Il est hors de question de se satisfaire de processus d’enquête incertains qui visent en réalité à éviter le principe de la condamnation. Il y a de quoi être navré quand Catherine Ashton, au nom de l’Union européenne, demande une commission d’enquête confiée à Israël [3]. La tolérance à de tels faits rend possibles toutes les agressions contre les Palestiniens, et cette affaire qui bafoue l’idée d’humanité doit être jugée par une juridiction ayant la possibilité effective de prononcer des condamnations. En 2010, on sait ce qu’est une juridiction. Nous n’avons pas à inventer le droit, mais à l’appliquer.
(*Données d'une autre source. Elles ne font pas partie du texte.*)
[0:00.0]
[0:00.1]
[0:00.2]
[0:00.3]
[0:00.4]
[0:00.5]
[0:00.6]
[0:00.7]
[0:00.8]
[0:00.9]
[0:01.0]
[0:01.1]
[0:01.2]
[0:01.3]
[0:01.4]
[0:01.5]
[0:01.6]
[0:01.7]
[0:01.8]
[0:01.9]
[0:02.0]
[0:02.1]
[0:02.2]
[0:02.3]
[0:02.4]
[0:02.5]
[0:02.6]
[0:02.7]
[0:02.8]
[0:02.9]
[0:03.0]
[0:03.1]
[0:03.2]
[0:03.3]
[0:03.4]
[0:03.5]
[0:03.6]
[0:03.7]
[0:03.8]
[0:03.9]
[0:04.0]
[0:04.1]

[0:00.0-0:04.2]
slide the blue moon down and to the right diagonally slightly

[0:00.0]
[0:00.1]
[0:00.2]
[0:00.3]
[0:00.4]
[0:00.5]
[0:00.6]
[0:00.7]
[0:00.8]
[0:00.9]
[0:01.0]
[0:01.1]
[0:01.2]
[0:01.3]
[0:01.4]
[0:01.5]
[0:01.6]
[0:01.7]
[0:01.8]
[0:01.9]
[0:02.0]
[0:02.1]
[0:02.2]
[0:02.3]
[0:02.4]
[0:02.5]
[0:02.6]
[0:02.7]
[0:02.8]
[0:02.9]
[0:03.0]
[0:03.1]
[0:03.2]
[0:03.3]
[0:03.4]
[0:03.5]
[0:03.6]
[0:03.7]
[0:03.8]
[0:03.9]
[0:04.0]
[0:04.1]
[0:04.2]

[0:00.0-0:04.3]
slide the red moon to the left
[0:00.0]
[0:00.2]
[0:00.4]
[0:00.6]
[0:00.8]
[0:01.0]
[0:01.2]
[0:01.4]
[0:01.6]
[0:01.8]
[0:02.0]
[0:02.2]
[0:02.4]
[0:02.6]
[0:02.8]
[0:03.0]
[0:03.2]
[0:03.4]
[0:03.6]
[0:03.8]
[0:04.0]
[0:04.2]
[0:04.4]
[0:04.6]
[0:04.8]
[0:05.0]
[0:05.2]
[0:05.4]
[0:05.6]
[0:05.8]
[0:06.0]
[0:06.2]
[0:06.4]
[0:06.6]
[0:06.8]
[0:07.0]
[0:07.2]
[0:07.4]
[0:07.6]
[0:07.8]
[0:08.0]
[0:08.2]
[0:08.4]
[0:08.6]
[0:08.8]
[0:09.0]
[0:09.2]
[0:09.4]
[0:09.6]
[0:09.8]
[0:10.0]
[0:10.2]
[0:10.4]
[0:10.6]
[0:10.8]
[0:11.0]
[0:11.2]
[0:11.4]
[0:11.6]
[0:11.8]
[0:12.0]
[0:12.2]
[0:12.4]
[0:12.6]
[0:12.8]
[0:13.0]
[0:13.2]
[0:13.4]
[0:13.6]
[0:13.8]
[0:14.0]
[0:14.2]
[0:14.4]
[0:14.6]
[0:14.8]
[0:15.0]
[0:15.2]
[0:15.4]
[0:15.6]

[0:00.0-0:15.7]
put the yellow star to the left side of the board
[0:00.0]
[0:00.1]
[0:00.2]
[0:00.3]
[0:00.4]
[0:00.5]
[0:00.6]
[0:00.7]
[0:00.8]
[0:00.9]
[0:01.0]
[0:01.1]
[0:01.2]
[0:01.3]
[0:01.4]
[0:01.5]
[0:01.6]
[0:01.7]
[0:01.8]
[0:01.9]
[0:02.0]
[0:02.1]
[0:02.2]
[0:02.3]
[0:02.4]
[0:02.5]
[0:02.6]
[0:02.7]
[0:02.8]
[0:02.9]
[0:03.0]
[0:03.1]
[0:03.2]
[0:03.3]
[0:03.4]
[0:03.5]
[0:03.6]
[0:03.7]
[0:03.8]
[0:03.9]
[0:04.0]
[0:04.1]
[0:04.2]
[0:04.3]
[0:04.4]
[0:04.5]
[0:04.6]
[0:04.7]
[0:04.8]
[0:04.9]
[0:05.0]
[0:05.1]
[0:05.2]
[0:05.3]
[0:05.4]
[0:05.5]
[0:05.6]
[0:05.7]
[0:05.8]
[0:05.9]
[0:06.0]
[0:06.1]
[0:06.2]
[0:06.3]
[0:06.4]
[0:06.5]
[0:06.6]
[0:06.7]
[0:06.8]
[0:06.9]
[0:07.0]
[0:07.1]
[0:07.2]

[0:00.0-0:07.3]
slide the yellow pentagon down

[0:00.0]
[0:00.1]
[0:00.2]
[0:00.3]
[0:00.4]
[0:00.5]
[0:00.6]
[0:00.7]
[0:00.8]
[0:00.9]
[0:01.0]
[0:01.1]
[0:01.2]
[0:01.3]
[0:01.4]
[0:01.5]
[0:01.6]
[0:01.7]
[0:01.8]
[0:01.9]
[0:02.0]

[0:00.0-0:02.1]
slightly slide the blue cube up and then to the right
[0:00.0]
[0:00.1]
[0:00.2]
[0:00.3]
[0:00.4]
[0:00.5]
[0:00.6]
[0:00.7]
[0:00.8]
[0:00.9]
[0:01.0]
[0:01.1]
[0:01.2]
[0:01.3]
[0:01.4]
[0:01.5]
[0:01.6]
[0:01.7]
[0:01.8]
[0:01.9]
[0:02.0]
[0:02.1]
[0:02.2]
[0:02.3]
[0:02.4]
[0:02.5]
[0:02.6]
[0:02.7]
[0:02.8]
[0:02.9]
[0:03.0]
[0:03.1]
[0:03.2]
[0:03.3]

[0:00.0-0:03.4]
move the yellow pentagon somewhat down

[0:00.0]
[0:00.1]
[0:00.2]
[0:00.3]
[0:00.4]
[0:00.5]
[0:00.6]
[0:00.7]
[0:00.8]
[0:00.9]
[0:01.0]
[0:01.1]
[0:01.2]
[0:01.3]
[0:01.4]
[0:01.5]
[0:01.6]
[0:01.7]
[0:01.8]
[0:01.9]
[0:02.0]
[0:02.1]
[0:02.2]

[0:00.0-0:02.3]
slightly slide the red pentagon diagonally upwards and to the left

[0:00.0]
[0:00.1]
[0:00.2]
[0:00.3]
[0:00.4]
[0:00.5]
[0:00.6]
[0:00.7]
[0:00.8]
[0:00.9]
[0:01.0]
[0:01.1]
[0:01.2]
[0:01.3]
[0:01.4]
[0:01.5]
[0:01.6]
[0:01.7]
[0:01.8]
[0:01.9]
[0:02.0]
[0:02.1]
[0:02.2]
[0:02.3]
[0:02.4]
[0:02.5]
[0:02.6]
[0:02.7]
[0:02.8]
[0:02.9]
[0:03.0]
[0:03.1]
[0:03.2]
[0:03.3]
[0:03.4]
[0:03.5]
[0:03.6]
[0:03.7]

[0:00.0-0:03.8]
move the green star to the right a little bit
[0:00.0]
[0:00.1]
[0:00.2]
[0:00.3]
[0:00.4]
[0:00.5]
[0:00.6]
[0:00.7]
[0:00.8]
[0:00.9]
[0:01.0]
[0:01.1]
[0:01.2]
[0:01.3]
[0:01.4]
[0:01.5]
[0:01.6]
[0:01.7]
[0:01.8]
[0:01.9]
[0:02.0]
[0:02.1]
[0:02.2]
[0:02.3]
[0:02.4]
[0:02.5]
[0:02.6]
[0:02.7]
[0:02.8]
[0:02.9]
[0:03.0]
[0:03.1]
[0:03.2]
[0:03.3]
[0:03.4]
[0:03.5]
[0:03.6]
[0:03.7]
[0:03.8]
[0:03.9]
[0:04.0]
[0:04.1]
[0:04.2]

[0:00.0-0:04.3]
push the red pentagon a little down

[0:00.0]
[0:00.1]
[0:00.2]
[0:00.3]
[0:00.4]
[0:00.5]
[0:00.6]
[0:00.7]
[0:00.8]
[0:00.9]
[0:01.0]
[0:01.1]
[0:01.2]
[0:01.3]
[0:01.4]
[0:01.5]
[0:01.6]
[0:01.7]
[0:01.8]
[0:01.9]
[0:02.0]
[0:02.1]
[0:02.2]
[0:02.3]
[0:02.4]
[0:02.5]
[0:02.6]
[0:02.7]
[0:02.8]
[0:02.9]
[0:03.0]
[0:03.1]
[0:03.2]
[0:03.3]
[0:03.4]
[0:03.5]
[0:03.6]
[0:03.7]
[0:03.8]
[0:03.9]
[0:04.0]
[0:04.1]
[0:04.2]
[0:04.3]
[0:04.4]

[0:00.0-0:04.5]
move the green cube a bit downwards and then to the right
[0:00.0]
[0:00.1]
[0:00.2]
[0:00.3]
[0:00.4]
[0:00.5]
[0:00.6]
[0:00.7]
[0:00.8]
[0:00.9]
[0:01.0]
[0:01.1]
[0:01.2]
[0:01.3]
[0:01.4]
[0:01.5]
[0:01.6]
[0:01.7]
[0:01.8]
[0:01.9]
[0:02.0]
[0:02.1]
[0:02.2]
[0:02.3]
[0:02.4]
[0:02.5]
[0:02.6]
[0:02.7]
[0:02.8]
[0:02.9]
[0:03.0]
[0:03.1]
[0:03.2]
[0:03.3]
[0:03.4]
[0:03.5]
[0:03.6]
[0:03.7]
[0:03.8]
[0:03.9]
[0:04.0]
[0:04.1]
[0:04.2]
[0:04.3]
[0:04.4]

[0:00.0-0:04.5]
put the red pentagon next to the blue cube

Selon la jurisprudence internationale, un acte relève de la qualification de crime de guerre, à partir du moment où il prend place dans un conflit armé, ce qui est le cas selon l’analyse de la CIJ, même s’il a été conduit dans un bref délai, dès lors qu’il a été d’une très forte intensité, ce qui est le cas aussi.
Les procédures pénales peuvent être engagées dans les pays dont sont originaires les victimes. Mais l’ampleur du crime, et la diversité de nationalité des victimes, peuvent conduire à préférer un procès devant une juridiction internationale.
La compétence de la Cour Pénale Internationale, suite à la déclaration de compétence faite par l’Autorité Nationale Palestinienne le 21 janvier 2009, ressort des critères généraux d’analyse, liés au principe de l’accès au juge pour les violations graves du droit, sauf à admettre le déni de droit. Mais elle se trouve ici doublée d’une compétence liée à l’immatriculation des bateaux. Sous réserve d’autres vérifications, il est établi que l’agression a concerné deux bateaux immatriculés en Grèce, deux en Turquie, et un aux îles Kiribati, donc assimilables aux territoires grecs, turcs et kiribati par application de l’article 12-2 a du traité de la CPI, qui a été ratifié par la Grèce (mais ni par la Turquie, ni par Kiribati).
La déclaration de compétence du 21 janvier 2009 n’est pas limitée à Plomb Durci. Elle est générale, et doivent être adressés à la Cour tous les éléments relatifs aux crimes commis par Israël : la colonisation, les prisonniers et maintenant, l’attaque du 31 mai 2010. La politique d’Israël est un crime, et ce crime doit être jugé.
Maintenant, il en est assez d’invoquer la justice, en souhaitant surtout que le pire ne se renouvelle pas. On voit le résultat. Nous le devons aux victimes : la justice doit punir le crime.
Gilles Devers
Avocat au barreau de Lyon (France). Porte-parole du collectif international de juristes ayant déposé une plainte devant la Cour pénale internationale pour les crimes commis à Gaza lors de l’opération Plomb durci.
[1] Lire le document de référence (en anglais) : « Occupation, Colonialism, Apartheid ? », par le Human Sciences Research Council of South Africa, Voltaire Network, 13 juillet 2009.
[2] « L’opération "Plomb durci" : une guerre israélienne est financée par l’Arabie saoudite », par Thierry Meyssan, Réseau Voltaire, 6 janvier 2009.
[3] « Declaration by Catherine Ashton on the Israeli military operation against the Flotilla », Voltaire Network, 31 mai 2010.